Un espectáculo total, que se quiere wagneriano, pero que tiene demasiados elementos de Mortadelo y Filemón. Si alguien se queja del desbarajuste, casi mejor hacerse el sordo. Este mundo se ha ido liando cada vez más como para ponerse a pedir que se debatan las políticas o se respeten las reglas de juego.

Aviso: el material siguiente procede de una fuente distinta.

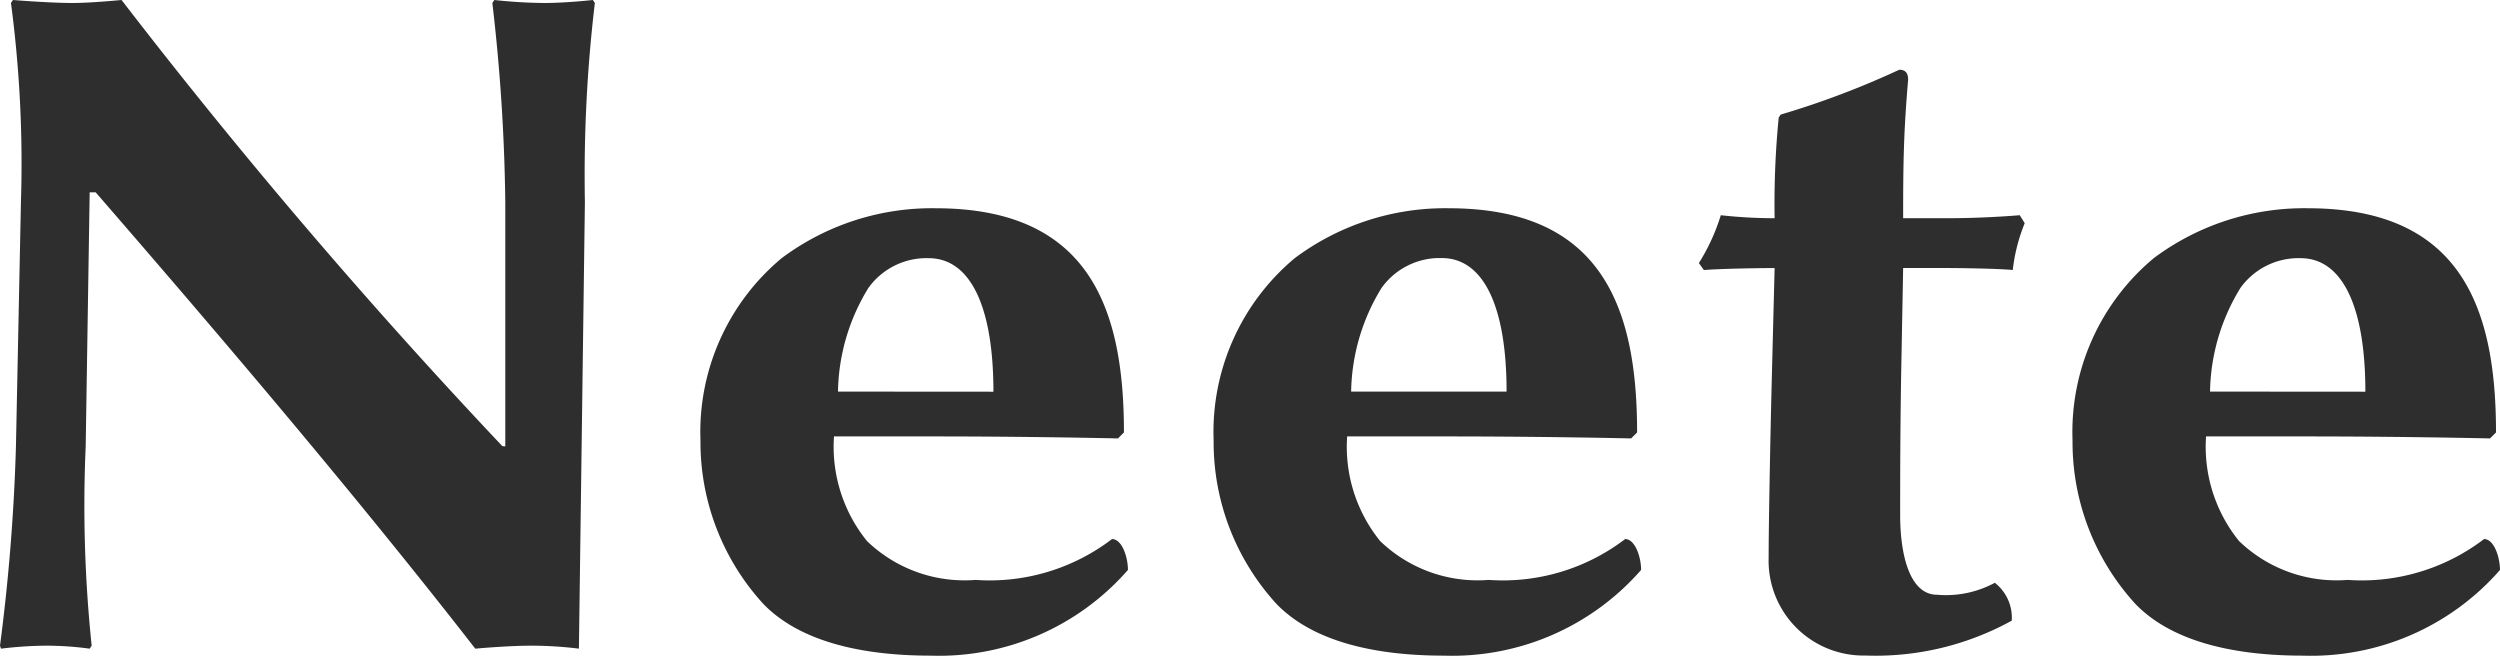 <svg xmlns="http://www.w3.org/2000/svg" width="112.905" height="29.61" viewBox="0 0 112.905 29.61">
  <g id="Group_800" data-name="Group 800" transform="translate(-50.799 -208.84)">
    <g id="Group_98" data-name="Group 98" transform="translate(47.199 205)">
      <path id="Path_206" data-name="Path 206" d="M4.545-20.025,4.32-9A88.613,88.613,0,0,1,3.6,0l.045.135A17.768,17.768,0,0,1,5.67,0,14.669,14.669,0,0,1,7.65.135L7.74,0a60.836,60.836,0,0,1-.27-9l.18-11.475h.27c5.9,6.8,11.97,13.955,17.145,20.61C25.807.068,26.856,0,27.585,0a17.507,17.507,0,0,1,2.16.135l.27-20.16a65.827,65.827,0,0,1,.45-9l-.09-.135s-1.2.135-2.2.135a22.464,22.464,0,0,1-2.25-.135l-.09.135a85.094,85.094,0,0,1,.585,9V-9l-.135-.014A262.583,262.583,0,0,1,9.09-29.16s-1.381.135-2.205.135c-1.049,0-2.7-.135-2.7-.135l-.09.135a55.108,55.108,0,0,1,.45,9Zm36.9,8.55a9.2,9.2,0,0,1,1.373-4.68A3.226,3.226,0,0,1,45.54-17.5c1.84,0,2.925,2.092,2.925,6.03ZM53.82-4.815A9.1,9.1,0,0,1,47.655-2.97a6.345,6.345,0,0,1-4.9-1.755A6.771,6.771,0,0,1,41.265-9.45h4.478c4.5,0,8.347.09,8.347.09l.27-.27c0-5.625-1.575-10.125-8.505-10.125A11.34,11.34,0,0,0,38.9-17.5,10.222,10.222,0,0,0,35.235-9.27,10.819,10.819,0,0,0,38.07-1.89C39.609-.293,42.255.45,45.63.45a11.331,11.331,0,0,0,8.91-3.87C54.54-4.005,54.27-4.815,53.82-4.815Zm10.8-6.66a9.2,9.2,0,0,1,1.373-4.68,3.226,3.226,0,0,1,2.722-1.35c1.84,0,2.925,2.092,2.925,6.03Zm12.375,6.66A9.1,9.1,0,0,1,70.83-2.97a6.345,6.345,0,0,1-4.9-1.755A6.771,6.771,0,0,1,64.44-9.45h4.477c4.5,0,8.348.09,8.348.09l.27-.27c0-5.625-1.575-10.125-8.505-10.125a11.34,11.34,0,0,0-6.952,2.25A10.222,10.222,0,0,0,58.41-9.27a10.819,10.819,0,0,0,2.835,7.38C62.784-.293,65.43.45,68.805.45a11.331,11.331,0,0,0,8.91-3.87C77.715-4.005,77.445-4.815,76.995-4.815Zm6.75-14.49a22.274,22.274,0,0,1-2.43-.135,9.03,9.03,0,0,1-.99,2.16l.225.315c.774-.058,2.169-.085,3.195-.09l-.135,5.306c-.067,2.7-.135,6.435-.135,7.785A4.284,4.284,0,0,0,87.84.445,12.739,12.739,0,0,0,94.455-1.13a2,2,0,0,0-.765-1.71,4.639,4.639,0,0,1-2.61.54c-1.215,0-1.665-1.755-1.665-3.6,0-1.35,0-3.645.045-6.345l.09-4.811h1.71c1.08,0,2.642.032,3.24.09a8,8,0,0,1,.54-2.115l-.225-.36c-.837.072-2.115.135-3.15.135H89.55c0-2.52.022-3.87.225-6.255,0-.315-.135-.45-.4-.45a38.7,38.7,0,0,1-5.355,2.025l-.09.135A39.87,39.87,0,0,0,83.745-19.305Zm19.665,7.83a9.2,9.2,0,0,1,1.372-4.68A3.226,3.226,0,0,1,107.5-17.5c1.84,0,2.925,2.092,2.925,6.03Zm12.375,6.66A9.1,9.1,0,0,1,109.62-2.97a6.345,6.345,0,0,1-4.9-1.755A6.771,6.771,0,0,1,103.23-9.45h4.478c4.5,0,8.347.09,8.347.09l.27-.27c0-5.625-1.575-10.125-8.5-10.125a11.34,11.34,0,0,0-6.952,2.25A10.222,10.222,0,0,0,97.2-9.27a10.819,10.819,0,0,0,2.835,7.38c1.539,1.6,4.185,2.34,7.56,2.34a11.331,11.331,0,0,0,8.91-3.87C116.5-4.005,116.235-4.815,115.785-4.815Z" transform="translate(0 33)" fill="#2e2e2e"/>
    </g>
  </g>
</svg>
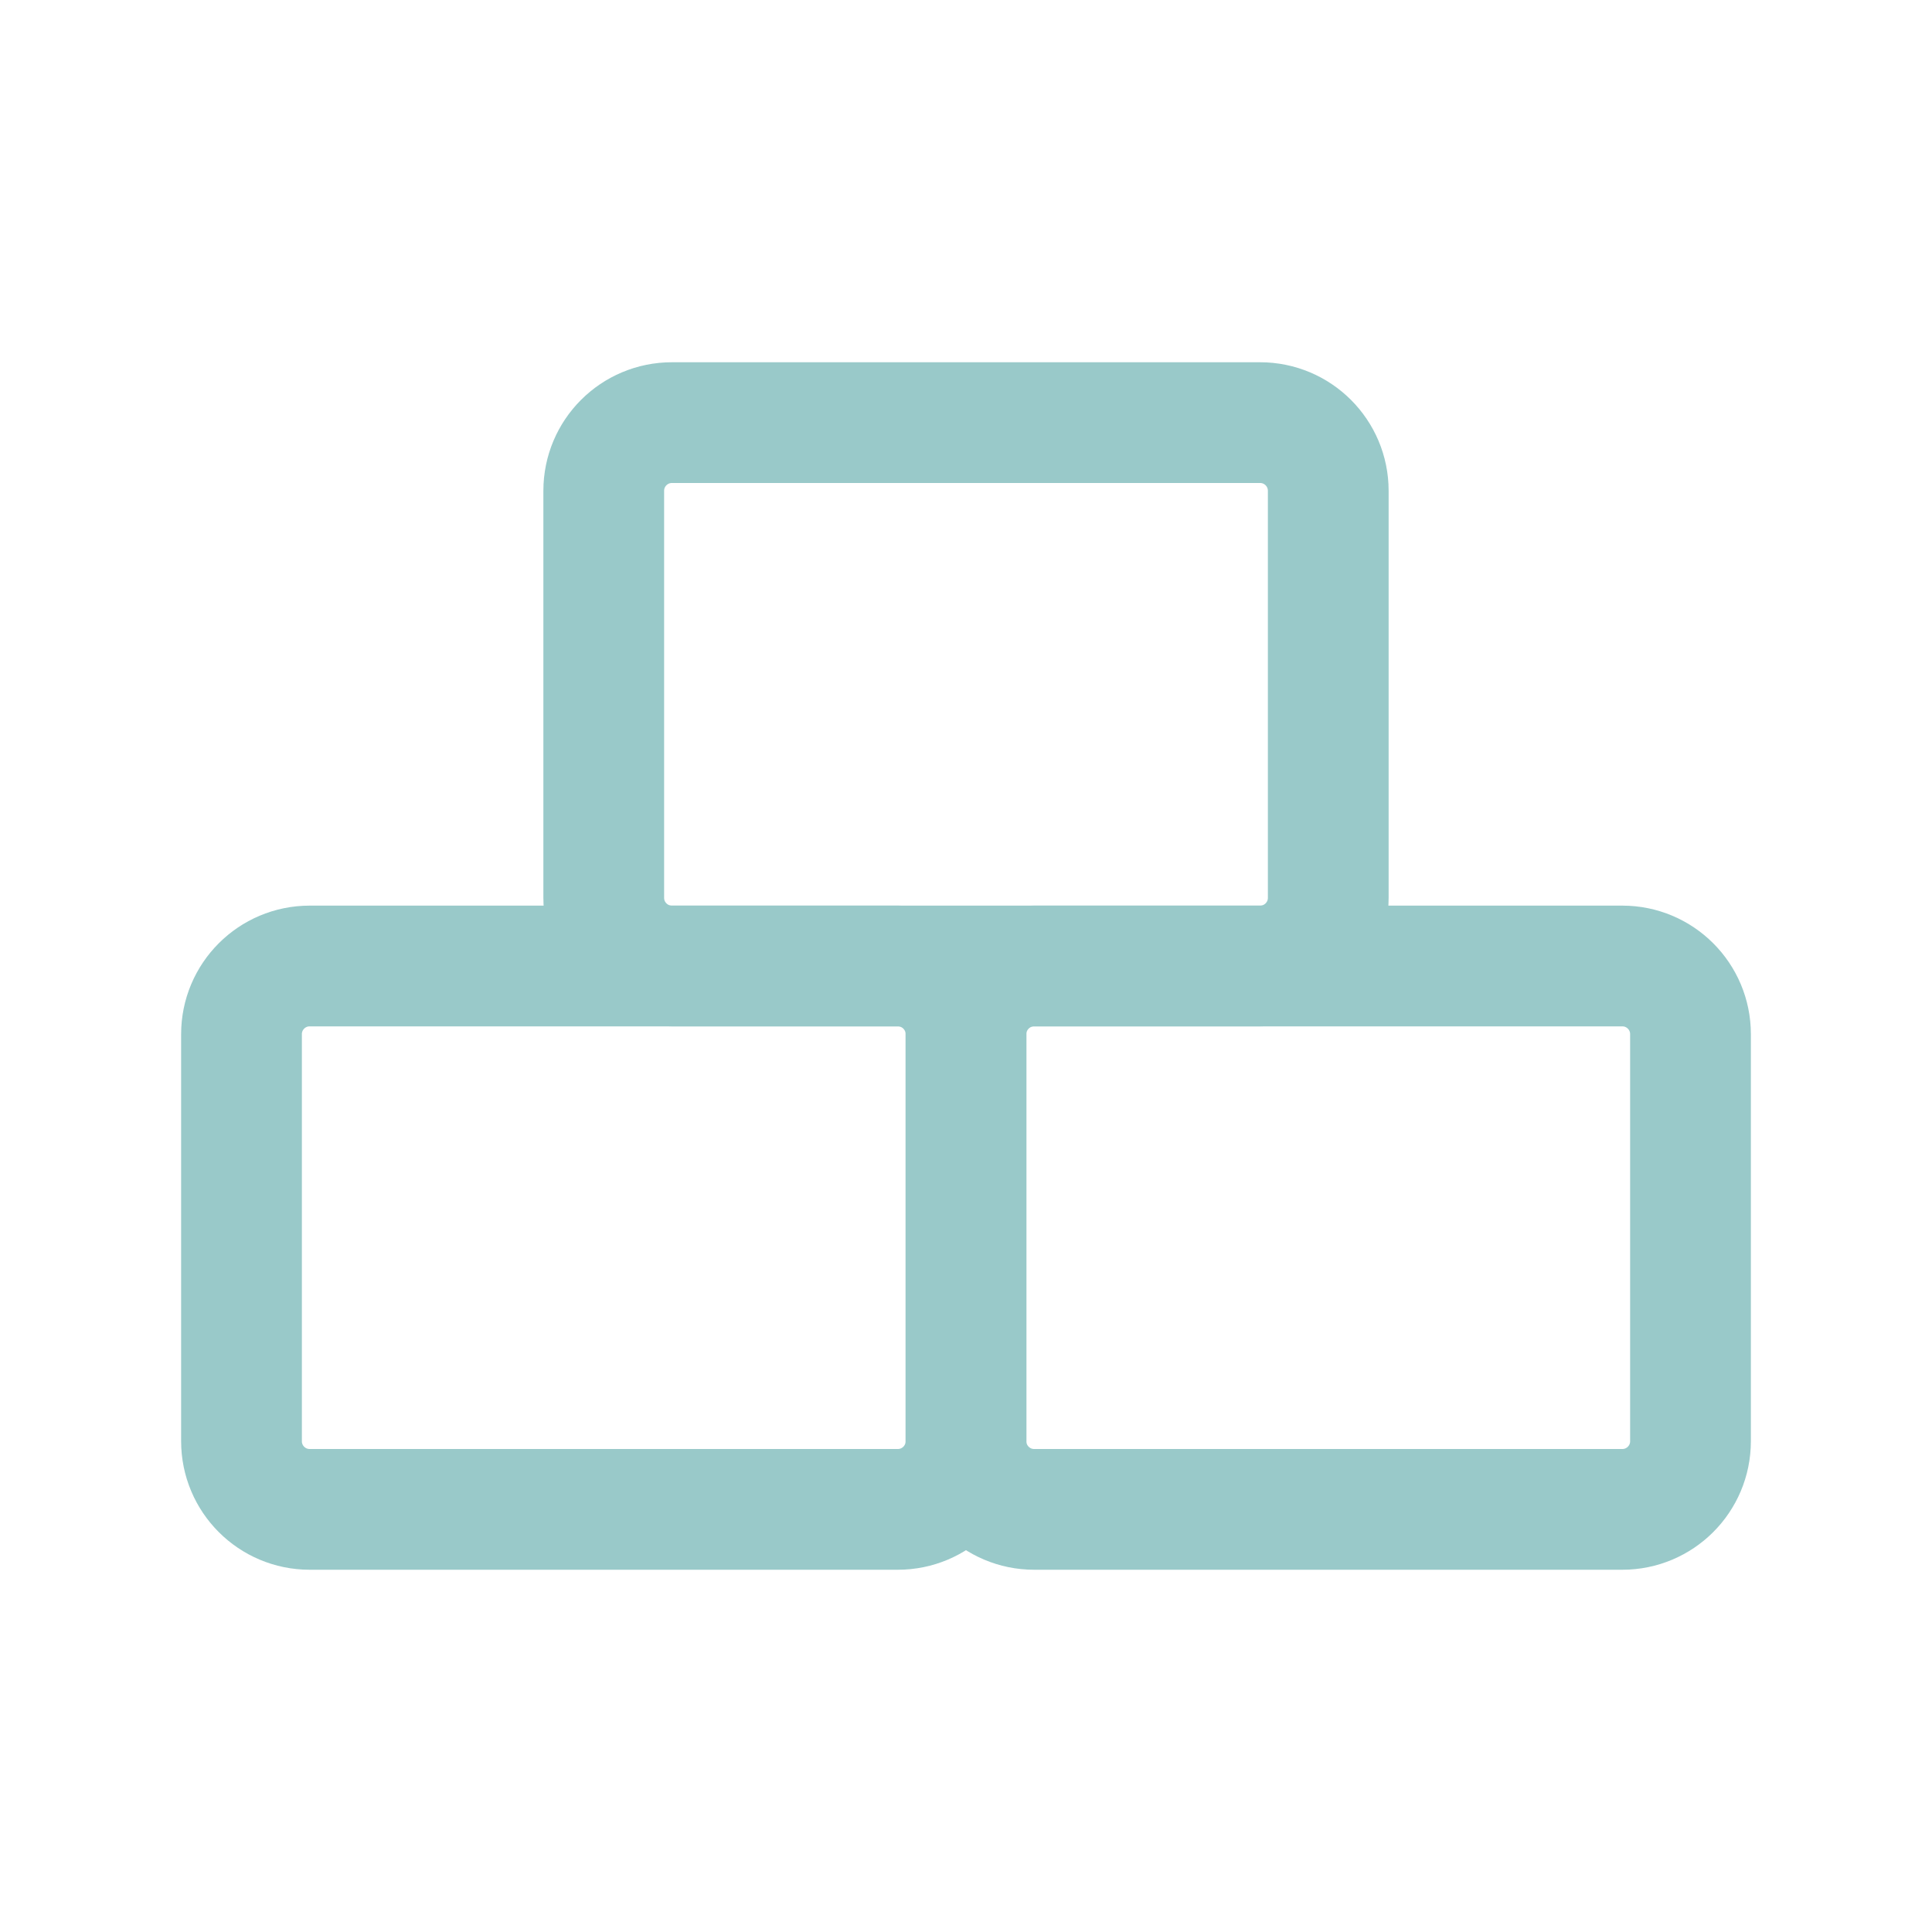 <svg width="24" height="24" viewBox="0 0 24 24" fill="none" xmlns="http://www.w3.org/2000/svg">
<g opacity="0.4">
<path d="M16.5 6.097V11.153C16.5 11.621 16.121 12 15.653 12H8.347C7.879 12 7.5 11.621 7.5 11.153V6.097C7.5 5.629 7.879 5.25 8.347 5.25H15.653C16.121 5.25 16.5 5.629 16.5 6.097Z" stroke="#007979" stroke-width="1.5" stroke-linecap="round" stroke-linejoin="round"/>
<path d="M12 12.847V17.903C12 18.371 11.621 18.75 11.153 18.75H3.847C3.379 18.75 3 18.371 3 17.903V12.847C3 12.379 3.379 12 3.847 12H11.153C11.621 12 12 12.379 12 12.847Z" stroke="#007979" stroke-width="1.5" stroke-linecap="round" stroke-linejoin="round"/>
<path d="M21 12.847V17.903C21 18.371 20.621 18.75 20.153 18.75H12.847C12.379 18.75 12 18.371 12 17.903V12.847C12 12.379 12.379 12 12.847 12H20.153C20.621 12 21 12.379 21 12.847Z" stroke="#007979" stroke-width="1.5" stroke-linecap="round" stroke-linejoin="round"/>
</g>
</svg>

Así están las cosas, y los hay que dicen que el problema es que las sociedades se han infantilizado, pero quizá se equivoquen. Los niños se siguen tomando en serio lo verdaderamente importante: jugar. Más bien parece que el mundo entero esté atravesando la edad del pavo. Somos adolescentes inseguros, todo nos rebulle por dentro y queremos gobernar las cosas a nuestra manera, pero acudimos al cabo a protegernos en el grupo, en la tribu, en la hinchada. Y, en ese punto, en el de ponerse a bailar al compás de las ilusiones de los nuestros, ¡qué importa entender las cosas!